Lastly, going back to what you posted in the beginning, the last error message in the log:
I’m wondering if this is the real culprit, and you just need to scale your postgres db? If the above things I listed don’t help whatsoever I think this might be the route to take. It’s all documented here for you if so- Scale Postgres VMs · Fly Docs
Starting the machine results in the same crash-loop behavior.
My flyctl version is up to date
Scaling the machine with more memory had no effect. The DB is currently using 181 MB of 1 GB, so I don’t think the issue is around resource limits. Unless of course the resource limit is lower than the volume size due to being on the hobby plan.
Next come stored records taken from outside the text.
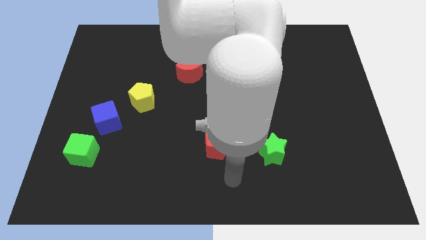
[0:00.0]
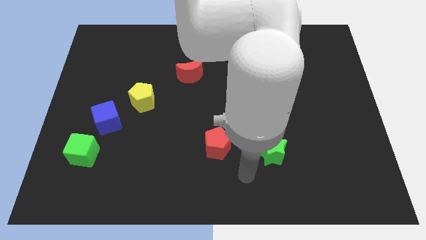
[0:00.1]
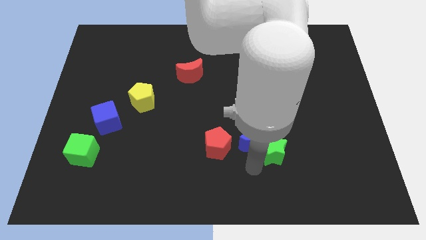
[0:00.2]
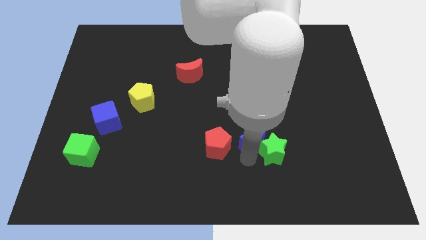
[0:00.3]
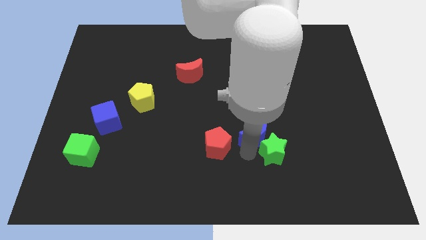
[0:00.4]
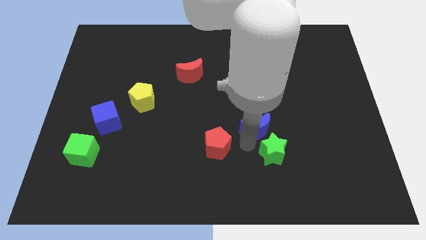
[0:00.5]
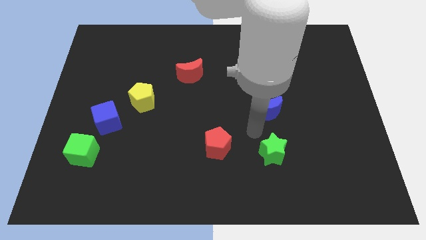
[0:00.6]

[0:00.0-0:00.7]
move the green star away from the blue moon

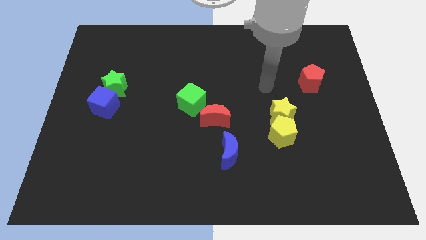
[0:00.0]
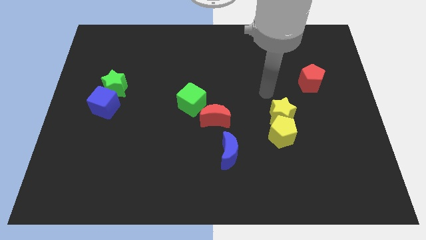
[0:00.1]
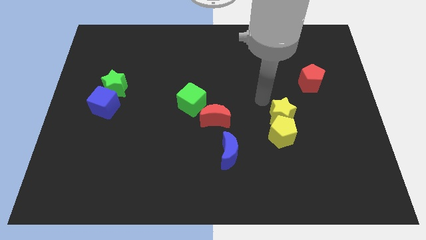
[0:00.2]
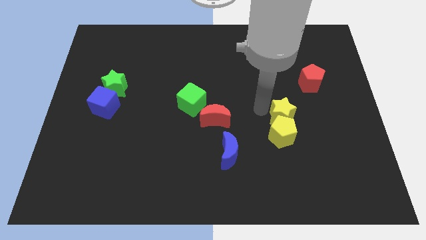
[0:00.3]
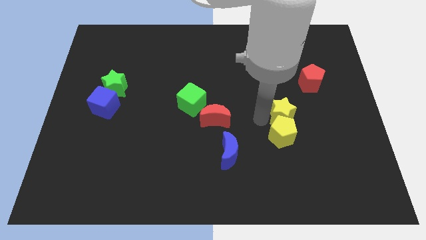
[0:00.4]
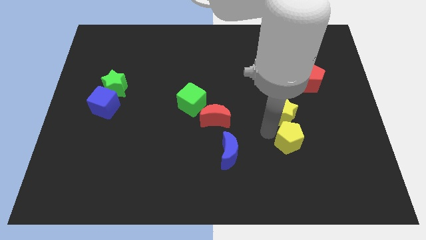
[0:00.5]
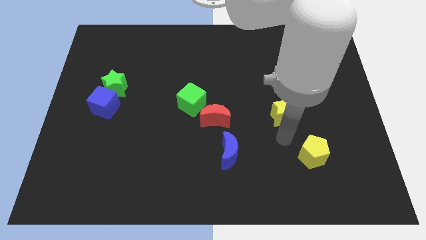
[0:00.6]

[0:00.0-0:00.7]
move the yellow star away from the yellow pentagon

The other consistent error message I’m seeing is:
Health check for your postgres role has failed. Your cluster's membership is inconsistent.
Not sure if this is relevant at all though. I also find it disconcerting that I’m unable to manipulate the volume via flyctl.
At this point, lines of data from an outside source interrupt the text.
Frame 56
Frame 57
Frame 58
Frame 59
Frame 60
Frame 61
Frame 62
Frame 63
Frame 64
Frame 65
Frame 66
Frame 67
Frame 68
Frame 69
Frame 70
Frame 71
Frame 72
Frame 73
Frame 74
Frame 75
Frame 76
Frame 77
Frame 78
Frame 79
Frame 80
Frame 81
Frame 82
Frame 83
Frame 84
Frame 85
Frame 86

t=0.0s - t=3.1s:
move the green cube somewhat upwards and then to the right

Alright I got a few more things for you to try if you don’t mind. I appreciate you trying the previous steps. Hopefully this here will work, I know its been a long one. This is going to be quite a bit of info, but here we go!
If you’re still able to access the running database at all , you can import your data into a new app running PG Flex. If connecting with fly postgres connect and running a pg_dump doesn’t work, you can try using the fly postgres import command to pull the data from your existing db to a new one. This might succeed even if the manual dump failed. More details on fly postgres import are available here.
. If that doesn’t work, then you can set your database into restoration mode. To do so,
SSH into the instance to remove the consul data and add a FLY_RESTORED_FROM environment variable (this can be set to any value). This triggers the restore logic, which will rebuild your consul configuration data. The consul endpoint can be found within the environment. This isn’t as risk free as the first option, so I’d recommend creating a backup from your most recent snapshot first.
One thing I’ll note: I have been unable to do anything around the volume, I can’t list it or its snapshots, so I suspect I’ll be unable to restore anything from the volume. The UI shows it but the CLI does not.